Как обессилевших пловцов течение, князя с Кузьмой всё дальше и дальше относила
Поднявшись на крыльцо годуновского терема, Дмитрий Михайлович прежде чем войти в горницу наказал гонцу обождать его в сенях.
У Трубецкого шёл пир горой. Боярин не жалел серебра, заведя обычай устраивать пьяные застолья и щедро потчевать угодное ему дворянство и казацких атаманов.
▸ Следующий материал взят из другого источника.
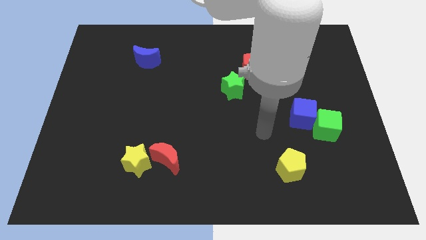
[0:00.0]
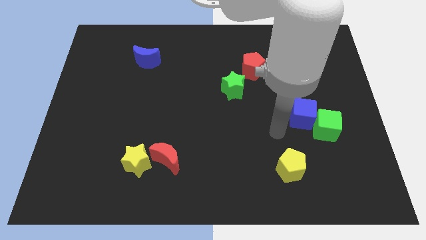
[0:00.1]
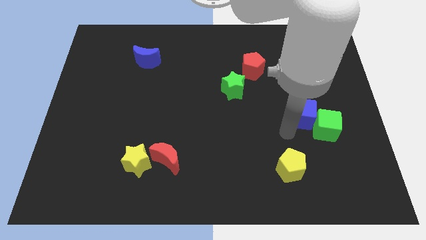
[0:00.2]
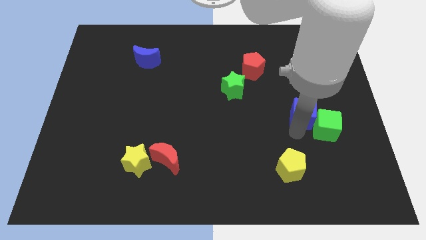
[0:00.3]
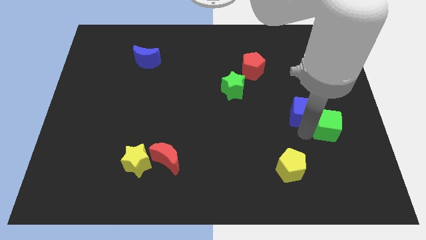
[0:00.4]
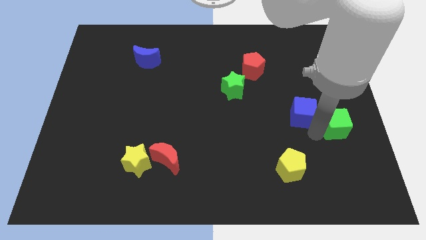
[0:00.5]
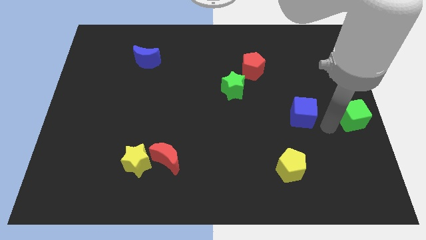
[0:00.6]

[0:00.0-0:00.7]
pull the blue cube apart from the green cube

Попойки удавались не хуже былых тушинских, и Трубецкой легко сговаривал ублажённых им хмельных гостей провозгласить на предстоящем соборе государем его.
Пожарский пожаловал в самый разгар пиршества, стоял густой шум, здравицы следовали одна за другой, за столами клялись в дружбе и целовались от умиления.
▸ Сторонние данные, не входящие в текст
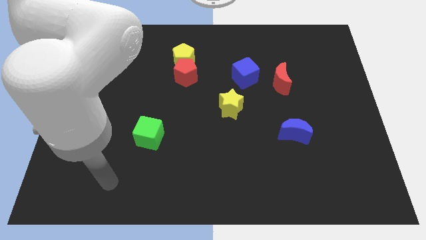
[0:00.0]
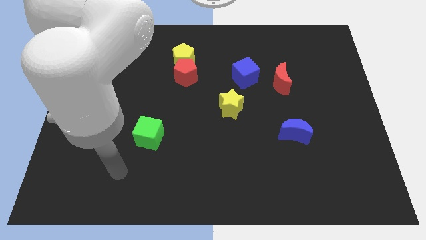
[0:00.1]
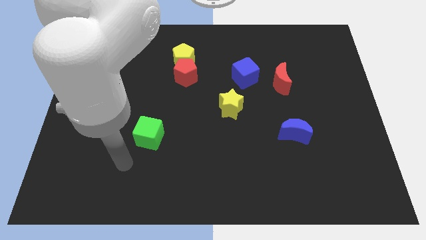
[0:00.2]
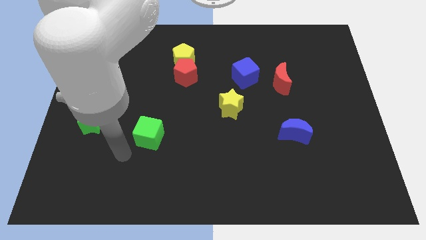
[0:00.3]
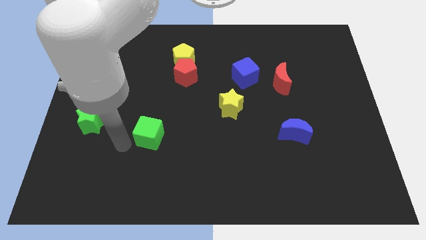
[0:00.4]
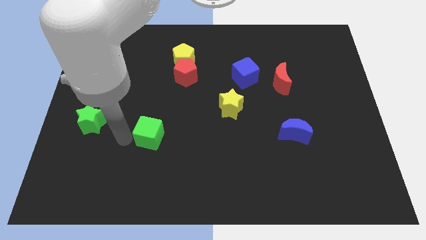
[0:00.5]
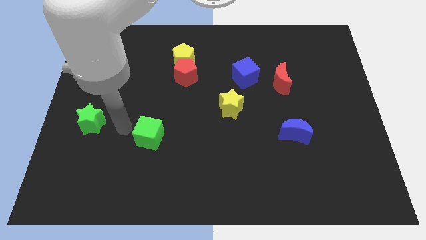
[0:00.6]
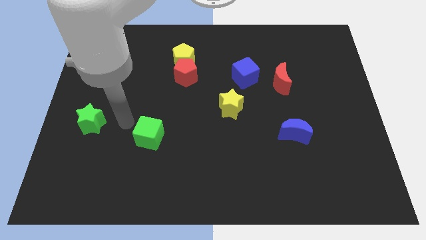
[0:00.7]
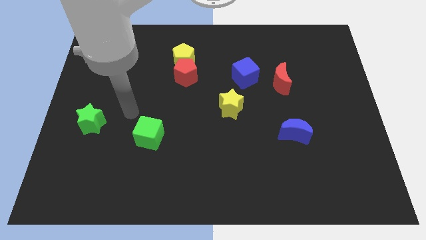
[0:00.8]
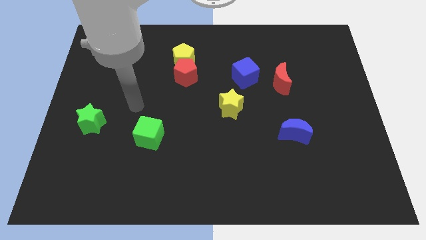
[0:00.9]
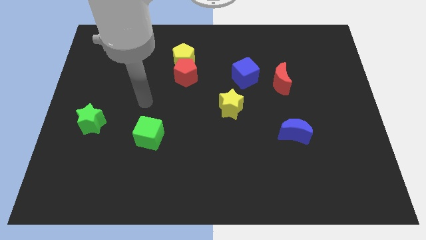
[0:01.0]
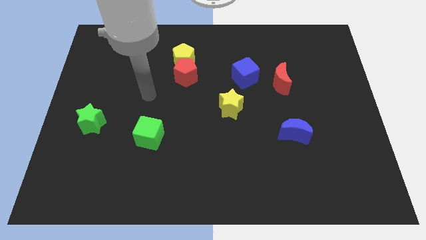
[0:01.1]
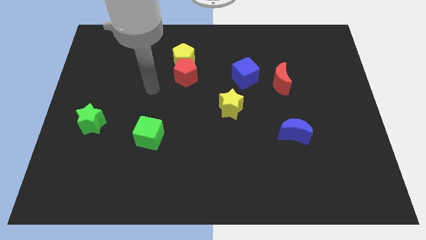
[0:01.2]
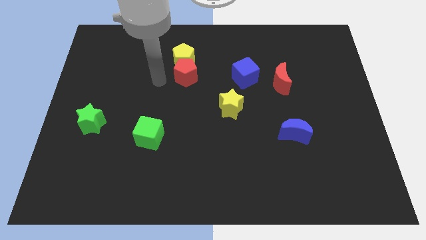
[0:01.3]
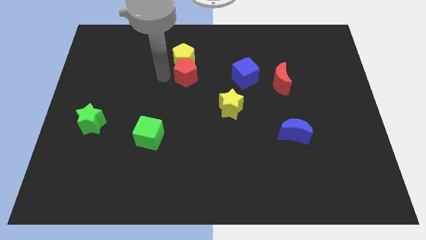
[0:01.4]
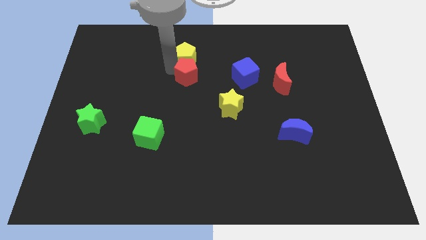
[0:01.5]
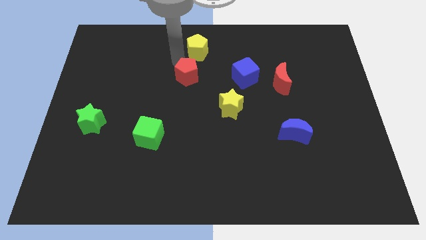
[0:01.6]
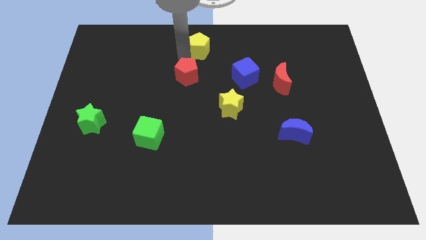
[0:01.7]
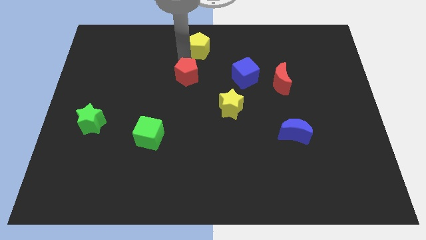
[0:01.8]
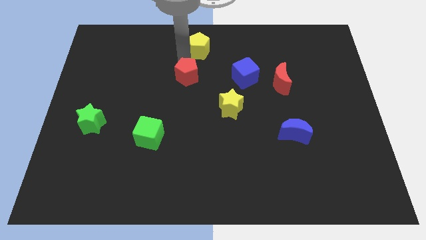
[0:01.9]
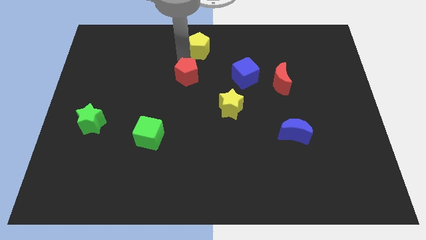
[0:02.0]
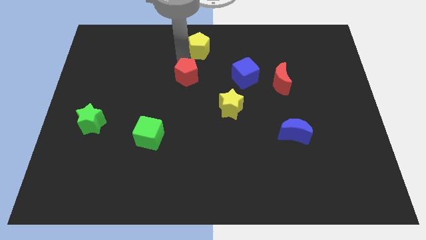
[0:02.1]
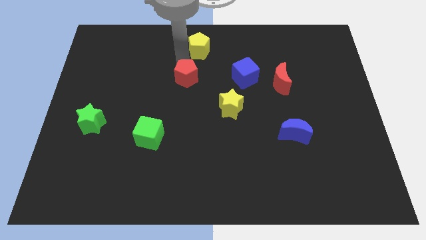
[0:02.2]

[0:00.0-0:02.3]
move the red pentagon away from the yellow pentagon

— Буди здрав, великий князь и государь всея Руси Дмитрий Тимофеевич! — как всегда спеша опередить других, тянулся к Трубецкому с полным кубком стряпчий Иван Биркин.
Пожарского заметили не сразу. Увидев же, обрадовались несказанно: наконец-то смирил гордыню и почтил боярскую застолицу. Ни слова не говоря, Дмитрий Михайлович отвёл рукой протянутый ему кубок, толкнул дверь, кликнул гонца, а, когда тот переступил порог, сухо обронил:
— Молви.
В наступившей тишине гонец раздельно, слово по слову, произнёс:
— Окольничий князь Мезецкий доводит вам, что король Жигимонт с войском пришёл брать Москву.
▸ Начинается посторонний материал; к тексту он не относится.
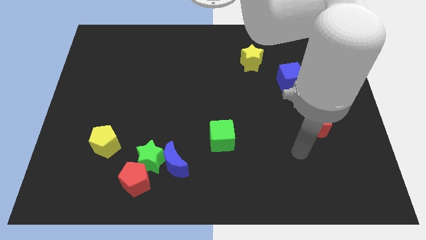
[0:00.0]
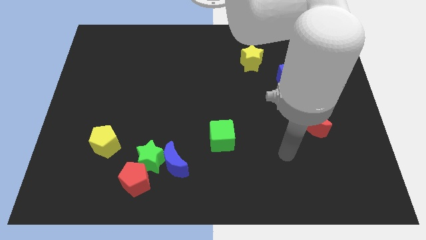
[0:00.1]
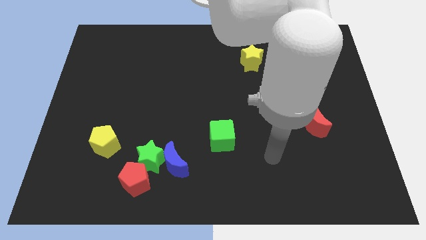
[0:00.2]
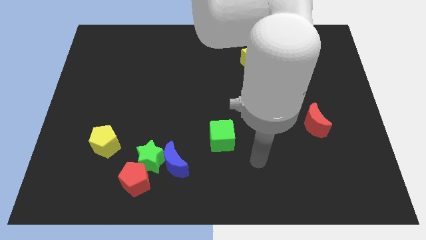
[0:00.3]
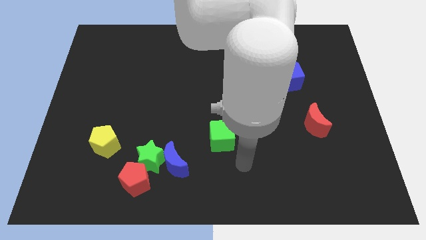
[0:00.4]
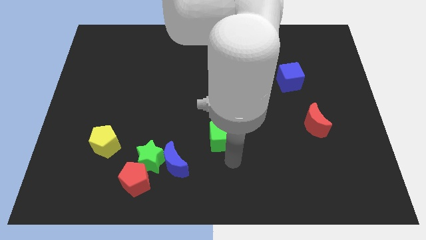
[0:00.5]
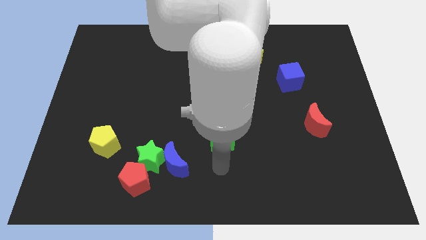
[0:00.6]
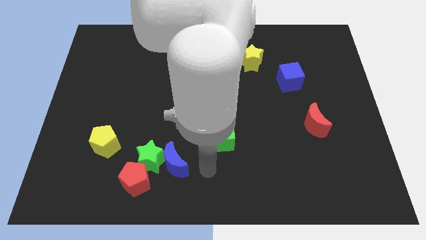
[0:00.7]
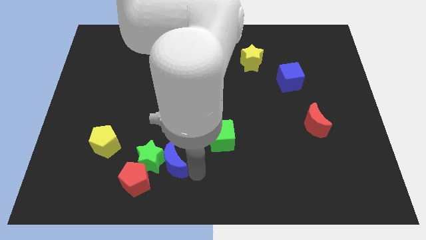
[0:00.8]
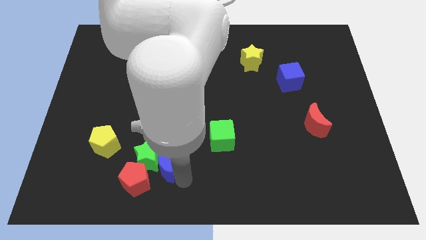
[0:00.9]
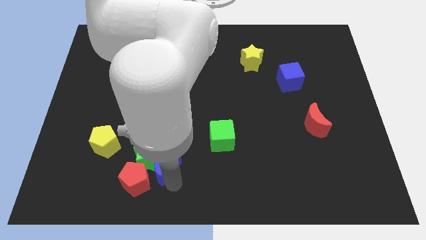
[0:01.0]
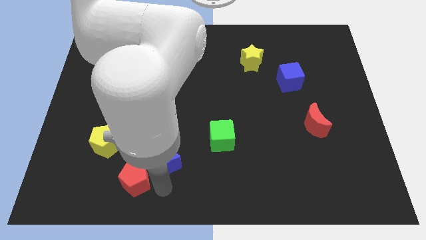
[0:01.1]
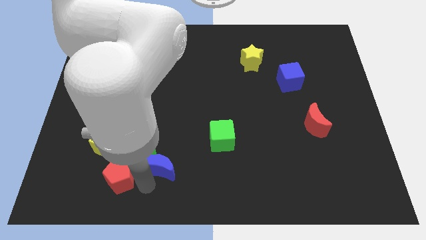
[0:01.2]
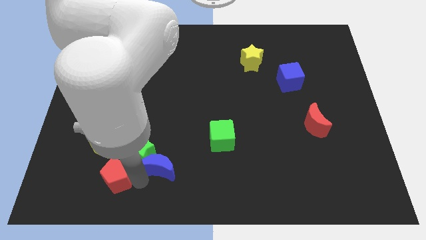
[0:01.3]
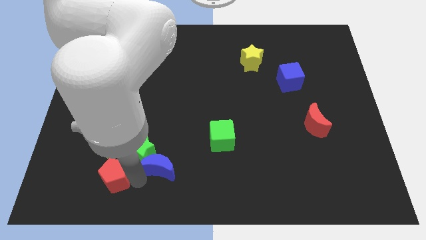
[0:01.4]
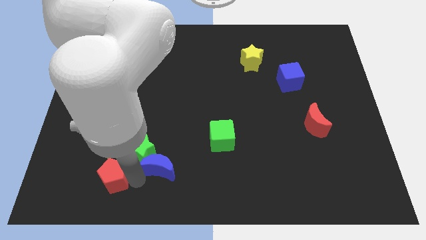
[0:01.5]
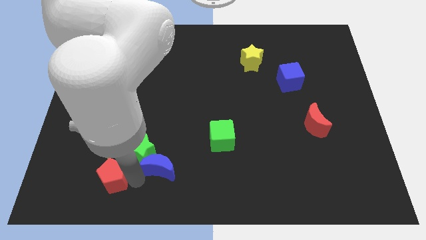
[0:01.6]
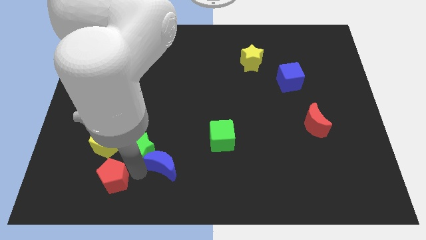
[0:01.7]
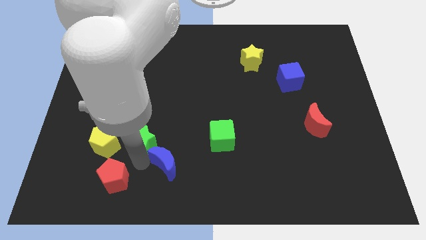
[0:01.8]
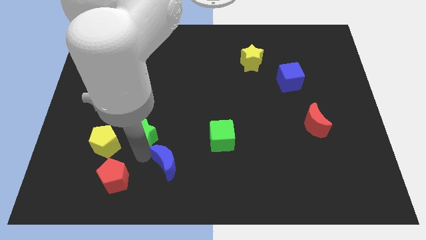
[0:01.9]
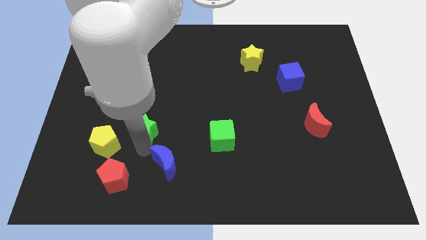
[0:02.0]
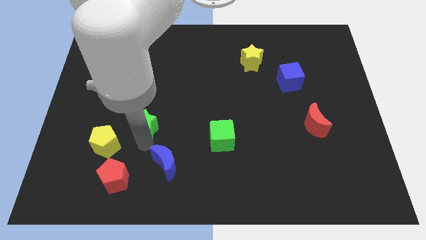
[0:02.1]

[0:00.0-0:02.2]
pull the green star apart from the blue moon and red pentagon

Захмелевший Трубецкой уронил чарку на стол.
5
Сигизмунд выступил в московский поход из Вильны во второй половине августа. Большого войска ему не удалось собрать. Королевская казна была пуста, и не стоило созывать сейма, чтобы убедиться в желании высокородного панства прекратить войну с Московией, ибо всякая затяжная война неизбежно влечёт за собой новые налоги. Как никогда Сигизмунд нуждался в скором успехе.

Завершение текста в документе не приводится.